Purpose: To investigate the potential role of low‒dose cyclophosphamide (Cy) as a radiosensitizer by evaluating its impact on the immune response and the abscopal effect of stereotactic ablative radiotherapy (SABR) through preclinical models.
Materials and methods: CT26 tumors (immunologically hot) and 4T1 tumors (immunologically cold), grown in immunocompetent BALB/c and immunodeficient BALB/c‒nude mice, were irradiated with 20 Gy in two fractions with 5‒day spacing followed by intraperitoneal injections of 9 mg/kg Cy every 3 days. Immunological changes in CT26 tumors caused by the treatments were assessed using flow cytometry. Changes in the expression of HIF‒1α in tumors were also assessed. Splenocytes and bone marrow‒derived dendritic cells (DCs) were exposed to various concentrations of Cy to assess T cell proliferation and DC differentiation.

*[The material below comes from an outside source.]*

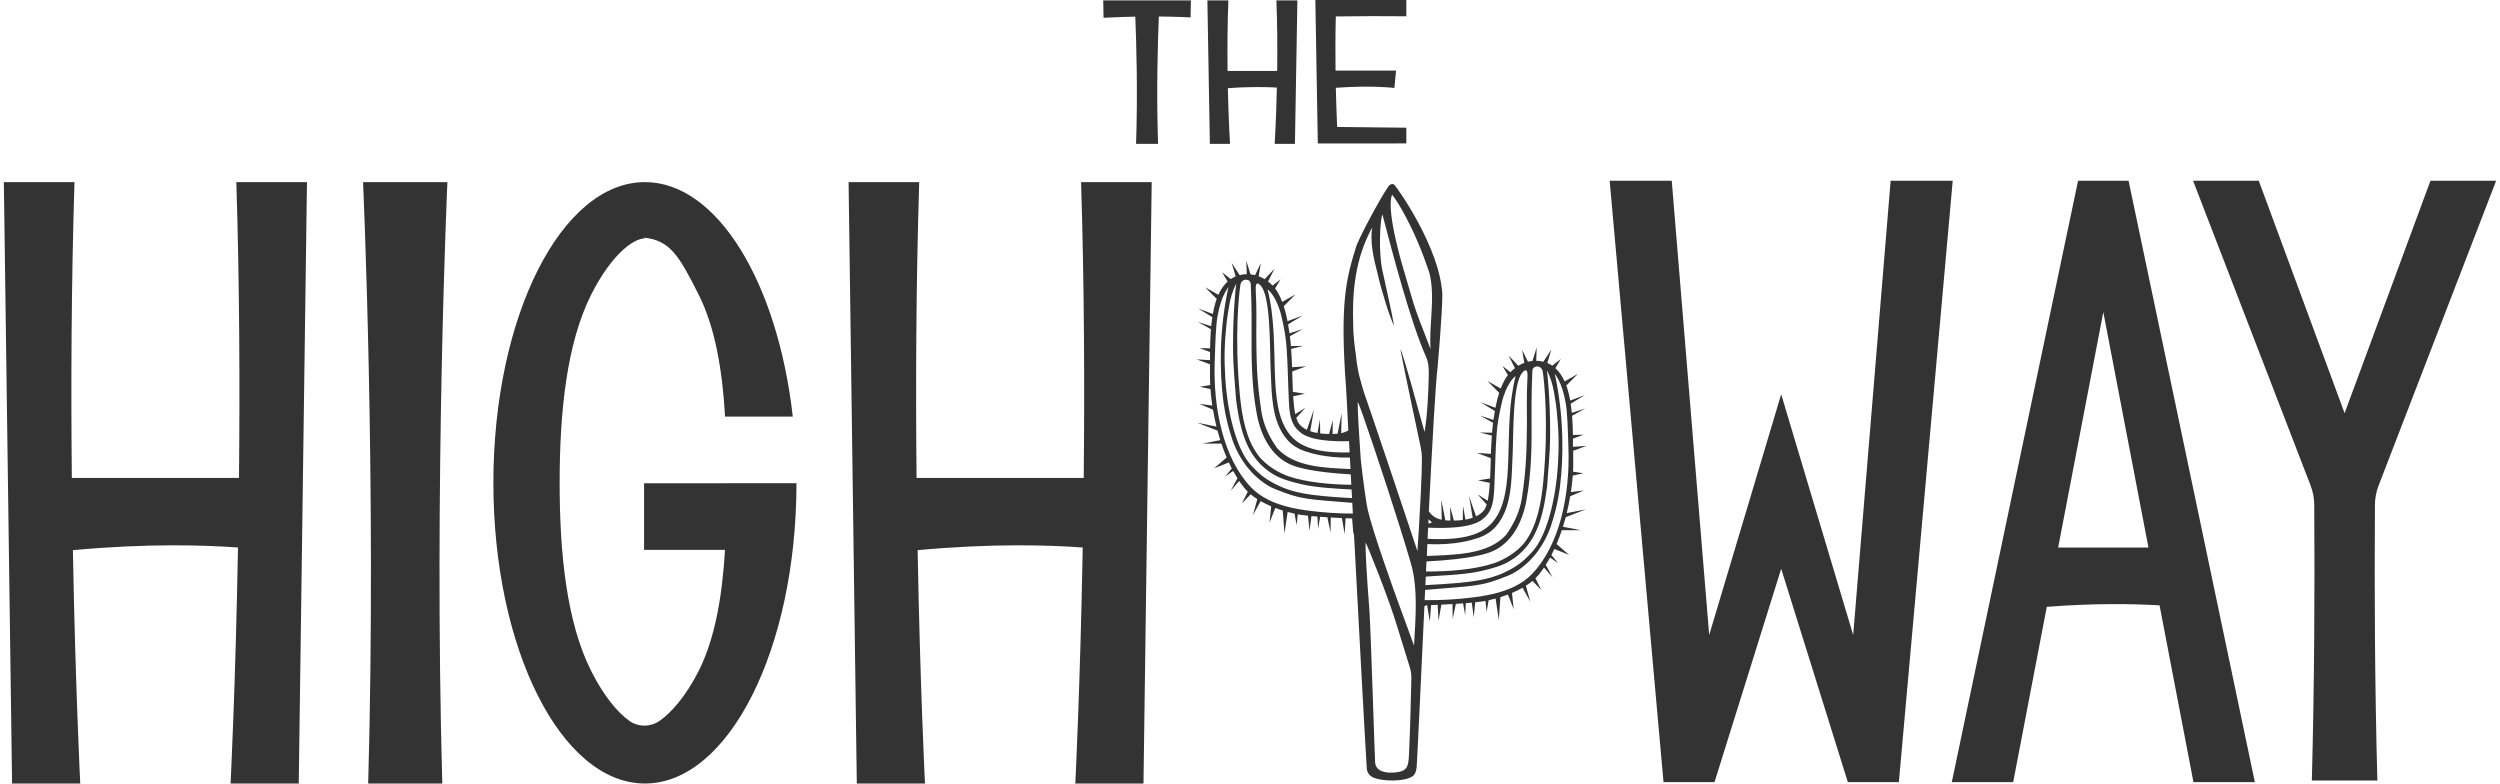 <svg width="552" height="173" viewBox="0 0 552 173" fill="none" xmlns="http://www.w3.org/2000/svg">
<path d="M431.161 39.902L419.268 172.693H408.004L393.286 125.582L378.568 172.693H367.305L355.412 39.902H369.12L377.39 140.205L393.286 87.056L409.183 140.205L417.453 39.902H431.161ZM469.987 39.902L497.871 172.693H484.317L476.83 133.662C471.165 133.325 462.631 133.157 451.931 133.991L444.51 172.693H430.956L458.84 39.902H469.994H469.987ZM474.378 120.891L464.41 68.906L454.442 120.891H474.378ZM52.761 105.521H15.86C15.655 85.527 15.735 62.89 16.445 40.209H0.849L2.664 173H17.719C17.719 173 16.65 151.864 16.094 121.476C32.561 119.947 45.23 120.349 52.549 120.891C52 151.593 50.909 173 50.909 173H65.964L67.779 40.209H52.183C52.893 62.89 52.973 85.527 52.768 105.521H52.761ZM239.279 105.521H202.377C202.173 85.527 202.253 62.89 202.963 40.209H187.367L189.182 173H204.236C204.236 173 203.168 151.864 202.612 121.476C219.079 119.947 231.748 120.349 239.066 120.891C238.51 151.593 237.427 173 237.427 173H252.481L254.297 40.209H238.7C239.41 62.89 239.491 85.527 239.286 105.521H239.279ZM93.607 40.209H80.162C80.162 40.209 83.156 106.422 81.296 173H97.654C95.795 106.422 98.788 40.209 98.788 40.209H93.607ZM160.463 106.7H142.21V121.41H160.083C159.468 131.561 157.924 140.893 154.25 148.182C151.366 153.825 148.197 157.375 145.643 159.16C143.645 160.558 140.959 160.58 138.968 159.168C136.428 157.367 133.362 153.774 130.544 148.182C125.128 137.446 123.569 122.289 123.569 106.605C123.569 90.921 125.136 75.771 130.544 65.027C134.833 56.523 139.693 52.644 142.393 52.644L142.108 52.468C147.941 53.01 149.961 56.515 154.25 65.027C157.946 72.368 159.49 81.765 160.097 91.982H175.049C171.69 62.348 158.355 40.209 142.401 40.209C123.921 40.209 108.939 69.938 108.939 106.605C108.939 143.271 123.921 173 142.401 173C160.88 173 175.84 143.323 175.862 106.692H160.456L160.463 106.7ZM525.206 107.183L551.151 39.902H536.646L525.009 71.416L517.69 91.235L510.371 71.416L498.735 39.902H484.229L510.174 107.183C510.701 108.551 510.979 109.993 510.986 111.45C511.111 130.332 511.015 151.322 510.452 172.349H524.921C524.357 151.322 524.255 130.332 524.387 111.45C524.394 109.993 524.672 108.551 525.199 107.183H525.206ZM350.318 98.451L347.354 99.542C347.354 100.442 347.354 101.284 347.369 102.052C347.383 102.682 347.369 103.384 347.325 104.138L349.616 104.504L347.266 105.009C347.186 106.136 347.054 107.358 346.856 108.646L349.711 108.295L346.703 109.569C346.498 110.776 346.242 112.028 345.934 113.301L350.179 112.46L345.715 114.194C345.532 114.897 345.319 115.607 345.1 116.309L349.045 117.063H344.851C344.507 118.102 344.119 119.12 343.687 120.13L346.454 122.515L343.204 121.22C342.992 121.674 342.78 122.12 342.553 122.559L344.031 124.338L342.253 123.108C341.953 123.657 341.638 124.191 341.302 124.711L342.795 127.47L340.921 125.319C340.577 125.831 340.211 126.328 339.83 126.797C339.582 127.104 339.311 127.39 339.018 127.675L340.313 130.281L338.381 128.261C337.928 128.641 337.43 129 336.918 129.329L337.891 132.871L336.186 129.768C335.432 130.2 334.641 130.581 333.851 130.917L334.224 134.518L332.951 131.276C332.387 131.488 331.831 131.686 331.297 131.847L330.938 136.933L330.228 132.154C329.672 132.308 329.16 132.432 328.691 132.535L328.252 135.067L327.989 132.681C327.667 132.74 327.374 132.791 327.14 132.82C326.701 132.879 326.225 132.93 325.727 132.981L325.398 136.326L324.973 133.062C324.542 133.106 324.103 133.142 323.649 133.179L323.51 135.843L323.049 133.223C322.514 133.267 321.98 133.303 321.453 133.333L320.758 136.663L320.707 133.376C319.85 133.428 319.023 133.472 318.248 133.508L317.633 137.05L317.435 133.545C316.908 133.567 316.425 133.581 315.993 133.596L315.701 137.219L315.115 133.625C314.925 133.647 314.705 133.728 314.508 133.859C313.71 150.678 313.029 165.798 312.802 169.297C312.773 169.765 312.671 170.226 312.48 170.651C312.334 170.973 312.122 171.302 311.822 171.456C309.933 172.641 305.345 172.532 303.325 171.727C302.476 171.383 301.846 170.636 301.788 169.707C301.407 163.83 300.061 138.69 298.933 117.502L298.838 118.102L298.546 114.479C298.114 114.465 297.631 114.45 297.104 114.428L296.906 117.934L296.291 114.392C295.516 114.355 294.689 114.311 293.832 114.26L293.781 117.546L293.086 114.216C292.551 114.179 292.017 114.143 291.49 114.106L291.029 116.726L290.89 114.062C290.444 114.026 289.997 113.989 289.565 113.945L289.141 117.209L288.812 113.865C288.314 113.813 287.838 113.755 287.399 113.704C287.165 113.674 286.872 113.623 286.55 113.565L286.287 115.951L285.848 113.418C285.379 113.316 284.86 113.191 284.311 113.038L283.601 117.817L283.242 112.73C282.708 112.562 282.152 112.372 281.588 112.159L280.307 115.402L280.681 111.801C279.89 111.464 279.107 111.084 278.346 110.652L276.641 113.755L277.614 110.213C277.102 109.883 276.611 109.532 276.15 109.144L274.218 111.164L275.514 108.559C275.228 108.281 274.95 107.988 274.701 107.68C274.321 107.205 273.962 106.714 273.611 106.202L271.737 108.354L273.23 105.595C272.901 105.075 272.579 104.541 272.279 103.992L270.5 105.221L271.979 103.443C271.752 103.004 271.532 102.557 271.327 102.104L268.078 103.399L270.844 101.013C270.42 100.01 270.032 98.986 269.68 97.947H265.487L269.432 97.193C269.212 96.49 269 95.78 268.817 95.078L264.352 93.343L268.597 94.192C268.29 92.918 268.034 91.674 267.829 90.459L264.821 89.186L267.675 89.537C267.485 88.249 267.346 87.027 267.265 85.9L264.916 85.395L267.207 85.029C267.17 84.282 267.156 83.573 267.163 82.943C267.177 82.175 267.177 81.326 267.177 80.433L264.213 79.342L267.177 79.525C267.177 78.94 267.177 78.34 267.177 77.725L264.85 76.861L267.185 76.92C267.207 75.537 267.258 74.102 267.368 72.682L264.47 71.072L267.426 72.031C267.492 71.35 267.573 70.677 267.675 70.011L264.521 68.101L267.785 69.323C267.997 68.145 268.275 67.025 268.649 65.993L266.08 63.424L269.014 65.093C269.534 63.936 270.2 62.934 271.056 62.165L269.856 60.123L271.744 61.616C272.081 61.389 272.454 61.192 272.842 61.031L271.949 58.052L273.713 60.745C273.991 60.672 274.277 60.614 274.577 60.577C274.811 60.548 275.052 60.541 275.287 60.541L275.184 57.576L276.114 60.577C276.45 60.614 276.78 60.672 277.109 60.753L278.39 58.111L277.914 61.002C278.368 61.177 278.814 61.382 279.246 61.638L281.39 59.362L279.985 62.158C280.337 62.429 280.673 62.729 280.981 63.058L282.73 61.675L281.537 63.702C281.537 63.702 281.573 63.746 281.595 63.768C281.991 64.28 282.561 65.225 283.118 66.659L286.074 64.983L283.454 67.61C283.732 68.459 283.996 69.433 284.215 70.567C284.237 70.684 284.259 70.801 284.281 70.918L287.641 69.66L284.413 71.621C284.53 72.272 284.633 72.931 284.728 73.597L287.699 72.631L284.816 74.227C284.911 74.951 284.977 75.683 285.035 76.422L287.75 76.371L285.079 77.044C285.101 77.344 285.123 77.637 285.138 77.937C285.211 78.896 285.255 79.964 285.291 81.084L288.402 80.886L285.321 82.021C285.365 83.507 285.401 85.051 285.467 86.515L288.131 86.939L285.526 87.503C285.621 88.981 285.767 90.342 286.001 91.44L288.233 90.028L286.213 92.275C286.389 92.838 286.601 93.306 286.865 93.621C287.326 94.163 287.904 94.58 288.555 94.895L290.114 90.423L289.302 95.202C289.814 95.385 290.349 95.517 290.897 95.612L291.454 92.575L291.498 95.7C292.164 95.78 292.83 95.824 293.459 95.824L294.286 92.743L294.227 95.817C294.476 95.817 294.725 95.802 294.959 95.787C295.098 95.787 295.223 95.766 295.347 95.751L296.24 91.206L296.138 95.641C296.76 95.509 297.279 95.304 297.711 95.034C297.426 89.574 297.243 86.156 297.243 86.156C295.772 66.578 297.272 61.426 299.512 54.224C300.734 51.121 306.259 41.065 306.874 40.831C307.269 40.59 307.533 40.531 307.884 40.816C308.536 41.49 317.991 54.744 318.474 65.093C318.423 69.967 317.421 81.084 317.421 81.084C316.989 84.414 316.257 97.632 315.488 112.899C316.14 113.835 316.974 114.479 318.335 114.765L318.233 110.33L319.126 114.875C319.258 114.889 319.382 114.904 319.514 114.911C319.748 114.926 319.997 114.933 320.246 114.941L320.187 111.859L321.014 114.941C321.643 114.941 322.309 114.897 322.975 114.816L323.019 111.691L323.576 114.728C324.124 114.633 324.659 114.501 325.171 114.318L324.359 109.539L325.918 114.011C326.569 113.696 327.147 113.279 327.608 112.738C327.872 112.423 328.084 111.955 328.26 111.391L326.247 109.151L328.479 110.564C328.721 109.466 328.867 108.105 328.955 106.626L326.349 106.063L329.013 105.638C329.087 104.167 329.123 102.63 329.16 101.145L326.079 100.01L329.189 100.208C329.226 99.088 329.27 98.02 329.343 97.061C329.357 96.761 329.379 96.468 329.401 96.168L326.73 95.495L329.445 95.546C329.504 94.807 329.57 94.075 329.665 93.35L326.781 91.755L329.753 92.721C329.848 92.055 329.95 91.396 330.067 90.745L326.84 88.783L330.199 90.042C330.221 89.925 330.243 89.808 330.265 89.691C330.484 88.549 330.748 87.583 331.026 86.734L328.406 84.107L331.363 85.783C331.912 84.348 332.482 83.404 332.885 82.892C332.9 82.87 332.922 82.848 332.944 82.826L331.751 80.799L333.5 82.182C333.814 81.853 334.151 81.552 334.495 81.282L333.09 78.486L335.234 80.762C335.659 80.499 336.105 80.294 336.566 80.125L336.091 77.234L337.371 79.876C337.701 79.796 338.03 79.737 338.367 79.701L339.296 76.7L339.201 79.664C339.435 79.664 339.677 79.672 339.911 79.701C340.211 79.737 340.496 79.803 340.775 79.869L342.538 77.176L341.645 80.155C342.041 80.316 342.407 80.513 342.743 80.74L344.632 79.247L343.431 81.289C344.28 82.058 344.954 83.053 345.473 84.217L348.408 82.548L345.839 85.117C346.212 86.149 346.498 87.269 346.703 88.447L349.967 87.225L346.812 89.135C346.915 89.801 346.995 90.474 347.061 91.155L350.018 90.196L347.12 91.806C347.237 93.226 347.281 94.653 347.303 96.044L349.638 95.985L347.31 96.849C347.31 97.463 347.31 98.064 347.31 98.649L350.274 98.466L350.318 98.451ZM341.565 81.794C341.587 81.838 342.326 88 342.268 96C342.231 100.83 341.828 103.736 341.609 107.322C340.694 114.253 339.23 120.364 333.375 123.877C331.655 124.909 329.474 125.531 326.913 126.116C322.961 127.016 316.652 127.126 314.815 127.317C314.786 127.946 314.757 128.568 314.727 129.197C325.691 128.619 329.877 128.07 334.773 124.975C336.032 124.184 337.137 123.094 338.235 121.93C341.426 118.556 343.512 110.535 343.995 102.513C344.244 98.312 344.2 95.326 343.709 90.533C343.636 89.845 343.424 88.22 343.109 86.515C342.846 85.088 342.348 83.192 341.565 81.801V81.794ZM311.631 149.946C311.661 149.053 311.544 148.168 311.28 147.319L308.623 138.734C306.721 132.235 301.678 119.778 301.51 119.793C301.473 123.643 302.373 134.877 302.373 134.877C302.732 140.659 303.552 167.752 303.632 168.426C303.881 170.556 306.362 170.629 307.438 170.592C311.317 170.446 310.98 168.982 311.17 164.942C311.47 158.67 311.448 155.215 311.624 149.953L311.631 149.946ZM312.21 142.598C312.51 136.985 313.183 130.039 311.522 124.374C308.945 115.482 303.552 99.118 301.07 92.084C300.873 91.513 300.69 91.008 300.529 90.569C300.112 89.427 299.841 88.747 299.782 88.718C299.782 89.654 299.812 90.833 299.878 92.135C299.907 92.721 299.936 93.328 299.973 93.958C299.987 94.155 299.995 94.353 300.009 94.551C300.046 95.114 300.075 95.685 300.119 96.263C300.141 96.615 300.163 96.966 300.185 97.317C300.222 97.881 300.258 98.444 300.295 99C300.309 99.183 300.317 99.366 300.331 99.542C300.375 100.193 300.419 100.837 300.456 101.467C300.661 103.457 301.012 106.217 301.334 108.493C301.619 110.549 301.883 112.203 301.985 112.511C303.01 117.122 307.804 130.566 309.311 134.599C310.49 137.76 312.224 142.583 312.224 142.583L312.21 142.598ZM313.256 117.305C313.395 115.065 313.556 112.225 313.688 109.459C313.849 106.173 313.966 102.989 313.951 101.02C313.951 100.288 313.864 99.571 313.717 98.861C312.993 95.465 310.482 83.653 309.202 77.176C309.597 77.176 313.864 93.014 314.537 95.392C315.21 91.506 315.415 85.819 315.474 82.782C315.503 81.428 315.43 80.03 314.881 78.801C311.544 71.365 307.643 56.559 305.242 47.367C304.832 47.806 304.159 55.717 305.425 60.577C306.303 64.756 307.357 69.155 307.818 71.958C306.874 70.157 304.993 64.09 304.108 60.153C303.273 56.984 302.476 53.449 302.973 50.243C299.263 56.991 298.531 64.258 298.787 71.885C298.787 73.568 299.072 76.532 299.365 78.215C299.775 82.431 300.5 84.356 301.188 86.712C301.488 87.378 312.919 121.44 312.971 121.681C312.971 121.681 313.095 119.888 313.249 117.305H313.256ZM307.372 43.005C305.901 46.672 310.116 60.204 310.116 60.204C312.268 67.325 311.551 66.147 315.869 77.066C315.481 71.548 316.952 65.817 315.642 60.372C312.246 49.965 308.075 43.729 307.372 43.005ZM337.02 110.549C336.757 111.933 335.359 119.742 328.786 122.018C328.208 122.215 324.886 123.467 314.969 123.965C314.932 124.704 314.896 125.443 314.859 126.182C319.865 126.219 325.742 125.758 329.936 124.338C331.846 123.694 334.956 122.032 336.742 119.625C339.303 116.177 340.292 111.281 340.76 106.297C341.982 93.409 340.958 84.143 340.635 82.021C340.592 81.736 340.467 81.479 340.277 81.296L340.196 81.216C339.962 80.989 339.669 80.886 339.369 80.916C339.296 80.923 339.172 80.945 339.04 80.967C338.659 81.033 338.359 81.421 338.345 81.897C338.272 83.543 338.125 87.495 338.169 91.916C338.228 98.21 338.154 104.548 337.02 110.564V110.549ZM333.983 100.435C333.763 104.994 333.836 109.569 332.087 113.418C330.682 116.507 328.655 118.227 325.478 119.054C325.478 119.054 321.248 120.488 315.166 120.122C315.122 121 315.079 121.879 315.042 122.764C321.248 122.479 328.538 122.515 332.548 118.102C334.283 115.665 335.564 112.957 336.01 110.066C337.071 103.187 337.093 98.913 337.152 92.853C337.159 91.843 337.027 87.466 337.269 83.236C337.415 80.645 336.171 82.248 336.171 82.248C333.917 84.568 334.18 96.534 333.99 100.449L333.983 100.435ZM315.335 116.499C315.291 117.319 315.254 118.139 315.21 118.966C322.844 119.361 327.323 118.132 329.775 115.043C335.051 108.398 331.604 94.946 334.641 83.067C334.495 83.016 332.519 84.787 331.56 89.062C330.938 91.806 330.616 93.577 330.448 95.904C330.031 101.884 330.111 107.702 329.716 110.293C329.284 113.14 328.025 114.018 327.674 114.37C325.2 116.851 318.108 116.624 315.335 116.507V116.499ZM315.43 114.662C315.415 114.963 315.401 115.263 315.386 115.563C315.708 115.563 316.008 115.519 316.096 115.387C316.169 115.277 315.862 115.058 315.43 114.662ZM279.883 63.936C282.92 75.815 279.473 89.274 284.75 95.912C287.055 98.817 291.154 100.076 297.997 99.886C297.953 99.03 297.909 98.203 297.865 97.412C294.593 97.5 288.987 97.376 286.85 95.231C286.506 94.887 285.247 94.002 284.808 91.155C284.413 88.571 284.494 82.746 284.076 76.766C283.915 74.439 283.586 72.668 282.964 69.923C281.998 65.656 280.022 63.885 279.883 63.929V63.936ZM277.27 64.09C277.512 68.32 277.38 72.697 277.387 73.707C277.446 79.767 277.46 84.041 278.529 90.921C278.975 93.819 280.256 96.519 281.991 98.957C285.723 103.07 292.288 103.318 298.187 103.56C298.143 102.696 298.099 101.855 298.055 101.035C292.683 101.145 289.053 99.908 289.053 99.908C285.877 99.081 283.842 97.361 282.444 94.272C280.695 90.423 280.768 85.849 280.549 81.289C280.359 77.374 280.622 65.407 278.368 63.087C278.368 63.087 277.124 61.492 277.27 64.075V64.09ZM273.757 87.159C274.225 92.143 275.213 97.039 277.775 100.479C279.561 102.887 282.671 104.548 284.581 105.192C288.416 106.487 293.671 106.985 298.37 107.036C298.326 106.261 298.289 105.499 298.245 104.753C289.331 104.219 286.279 103.07 285.73 102.879C279.166 100.611 277.76 92.801 277.497 91.411C276.362 85.395 276.289 79.057 276.348 72.763C276.392 68.342 276.245 64.39 276.172 62.743C276.15 62.268 275.857 61.88 275.477 61.814C275.338 61.792 275.213 61.77 275.148 61.763C274.855 61.733 274.555 61.836 274.321 62.063L274.24 62.143C274.05 62.326 273.925 62.582 273.881 62.868C273.559 64.99 272.535 74.256 273.757 87.144V87.159ZM271.422 67.376C271.108 69.081 270.895 70.713 270.822 71.394C270.332 76.188 270.288 79.181 270.537 83.375C271.02 91.396 273.098 99.418 276.297 102.791C277.394 103.955 278.507 105.046 279.758 105.836C284.464 108.807 288.512 109.43 298.531 109.986C298.494 109.342 298.465 108.705 298.428 108.083C295.808 107.929 290.897 107.724 287.611 106.97C285.05 106.385 282.876 105.763 281.149 104.731C275.301 101.218 273.83 95.107 272.915 88.176C272.696 84.59 272.293 81.684 272.257 76.854C272.198 68.855 272.937 62.692 272.959 62.648C272.176 64.046 271.678 65.934 271.415 67.362L271.422 67.376ZM298.707 113.389C298.663 112.591 298.626 111.801 298.582 111.025C288.673 110.191 287.45 110.41 281.376 107.922C279.305 107.073 277.233 105.287 275.916 103.772C273.025 100.449 271.971 96.673 271.971 96.673C270.5 92.326 270.068 88.198 270.068 88.198C269.307 82.028 269.139 72.968 271.239 63.38C271.188 63.607 269.68 65.034 268.839 69.777C268.407 72.207 268.363 75.544 268.209 79.833C267.843 90.203 270.149 101.211 276.187 107.563C278.419 109.905 281.515 111.267 285.086 112.086C286.279 112.357 287.524 112.569 288.812 112.738C292.325 113.199 295.567 113.396 298.707 113.396V113.389ZM346.315 98.949C346.161 94.653 346.117 91.323 345.685 88.893C344.851 84.151 343.336 82.724 343.285 82.497C345.385 92.084 345.217 101.152 344.456 107.314C344.456 107.314 344.024 111.442 342.553 115.79C342.553 115.79 341.506 119.566 338.608 122.889C337.291 124.396 335.22 126.189 333.148 127.038C326.825 129.629 325.757 129.285 314.669 130.251C314.632 131.005 314.595 131.759 314.559 132.505C318.094 132.564 321.724 132.366 325.705 131.847C326.993 131.678 328.238 131.466 329.431 131.195C333.009 130.376 336.105 129.022 338.33 126.672C344.368 120.32 346.673 109.312 346.308 98.942L346.315 98.949ZM271.591 31.771C271.591 31.771 271.276 26.728 271.108 19.475C275.997 19.109 279.758 19.204 281.932 19.336C281.771 26.662 281.449 31.771 281.449 31.771H285.921L286.462 0.088H281.83C282.042 5.496 282.064 10.898 282.005 15.669H271.049C270.991 10.898 271.012 5.496 271.225 0.088H266.592L267.134 31.771H271.605H271.591ZM291.08 31.668V31.683C298.509 31.683 305.059 31.668 310.519 31.668V28.199L295.245 28.031C295.15 25.879 295.033 22.893 294.952 19.387C302.9 18.794 307.877 19.424 307.877 19.424L308.257 15.582H294.886C294.842 11.878 294.842 7.802 294.945 3.63C300.404 3.542 305.733 3.55 310.519 3.593V0H290.649H290.429L290.971 31.668H291.088H291.08ZM256.031 0.081H243.597L243.662 3.923C245.126 3.85 246.524 3.791 247.856 3.747C248.829 3.718 249.774 3.689 250.674 3.674C250.901 9.236 251.237 20.478 250.842 31.771H255.702C255.307 20.456 255.643 9.192 255.87 3.645C256.895 3.645 257.831 3.667 258.688 3.689C260.517 3.733 261.93 3.791 262.881 3.842L262.947 0.088H256.038L256.031 0.081Z" fill="#333333"/>
</svg>

Results: The combination of Cy with RT (RT+Cy) significantly suppressed tumor growth compared to RT alone in immunocompetent mice, while that effect was not observed in immunodeficient mice. Additionally, RT+Cy effectively induced abscopal effects in hot and cold tumors, with increased CD8+ T cells in blood and tumors. Significantly higher expression levels of Granzyme B, IFN‒γ, and TNF‒α were observed in RT+Cy group compared to the RT alone group. In vitro data indicated that low‒dose Cy promotes DC differentiation. Low‒dose Cy suppressed the radiation‒induced upregulation of HIF‒1α in the tumors.
Conclusion: Low‒dose Cy enhances tumoricidal effects of 5‒day spacing high‒dose RT by increasing anti-tumor immune responses.
Keywords: Antitumor immune response; Cyclophosphamide; Stereotactic ablative radiotherapy (SABR).